> _TASK ITEM_: Return verbatim the line containing "cover by kind: herbaceous plants 100 %" together with all lines that follow it in the records, and no other material.
==== PROVIDED ENTRIES
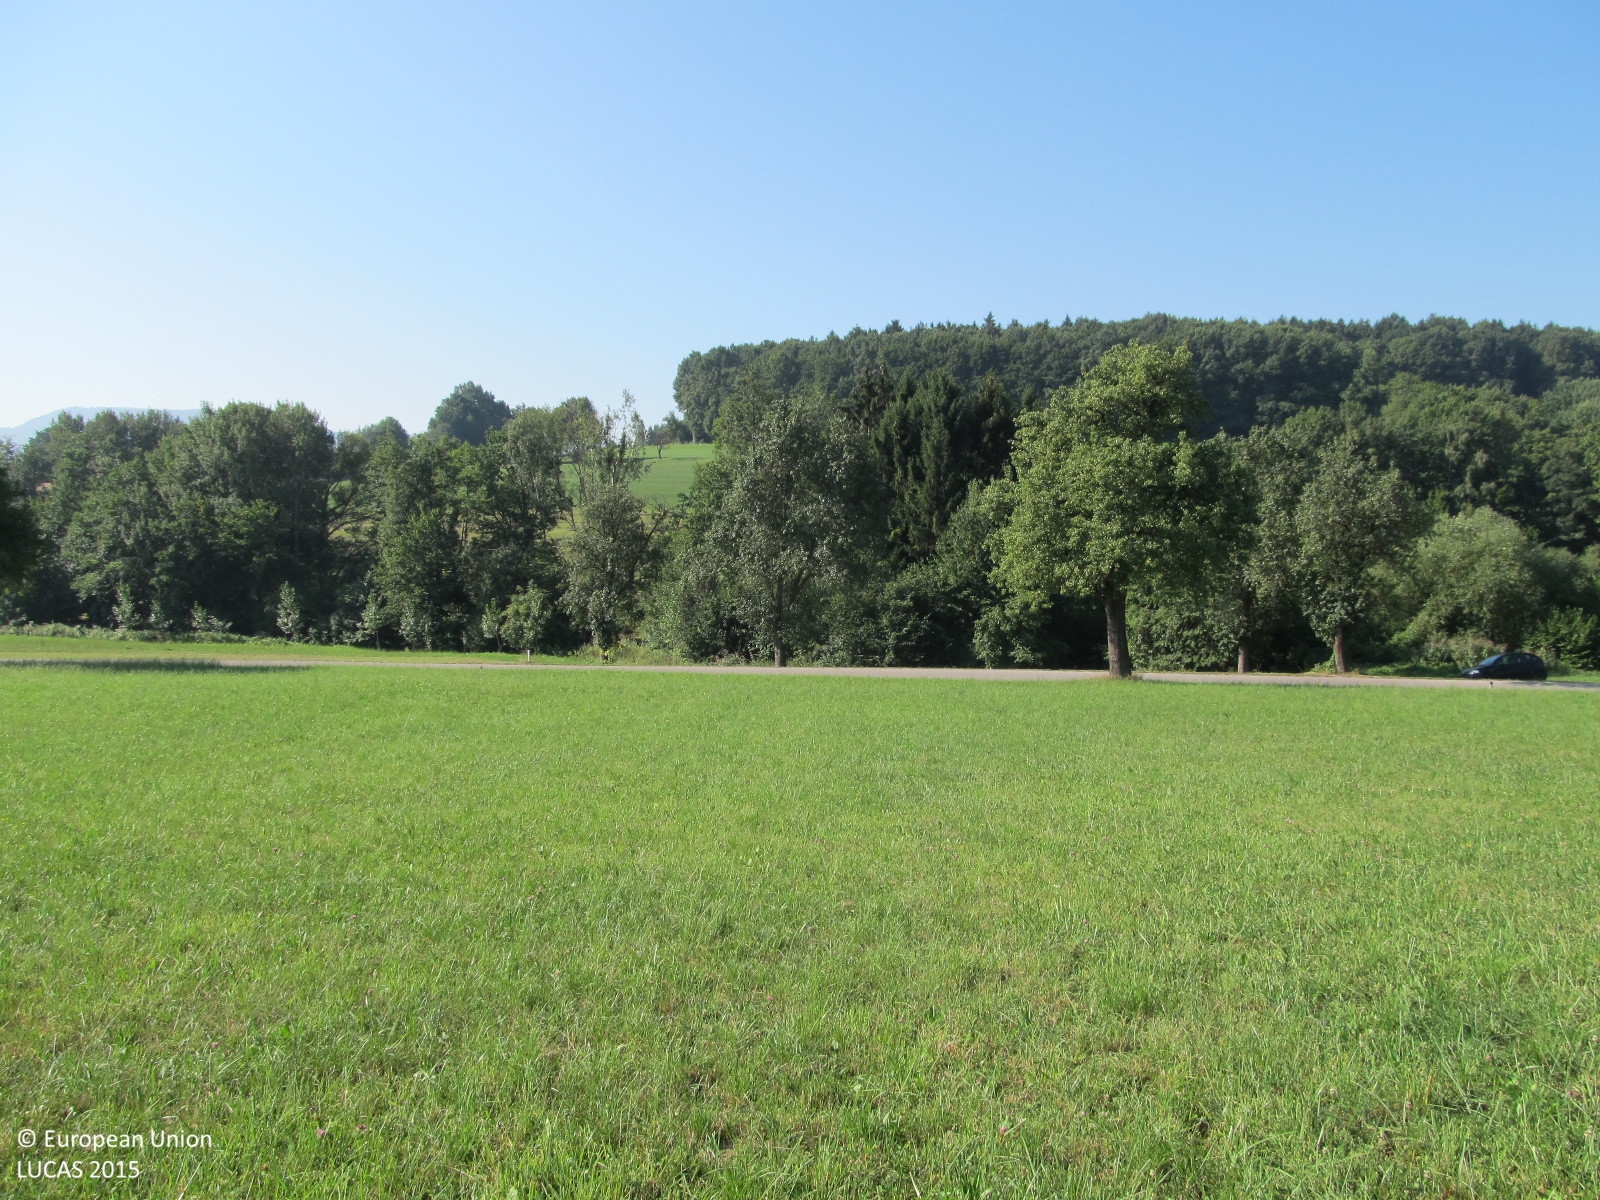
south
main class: Grassland
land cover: Grassland without tree/shrub cover
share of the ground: > 75 %
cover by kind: herbaceous plants 100 %
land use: Agriculture (excluding fallow land and kitchen gardens)
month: August
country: AT
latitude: 48.1171
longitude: 15.6040
========
> _EXERCISE ANSWER_:
cover by kind: herbaceous plants 100 %
land use: Agriculture (excluding fallow land and kitchen gardens)
month: August
country: AT
latitude: 48.1171
longitude: 15.6040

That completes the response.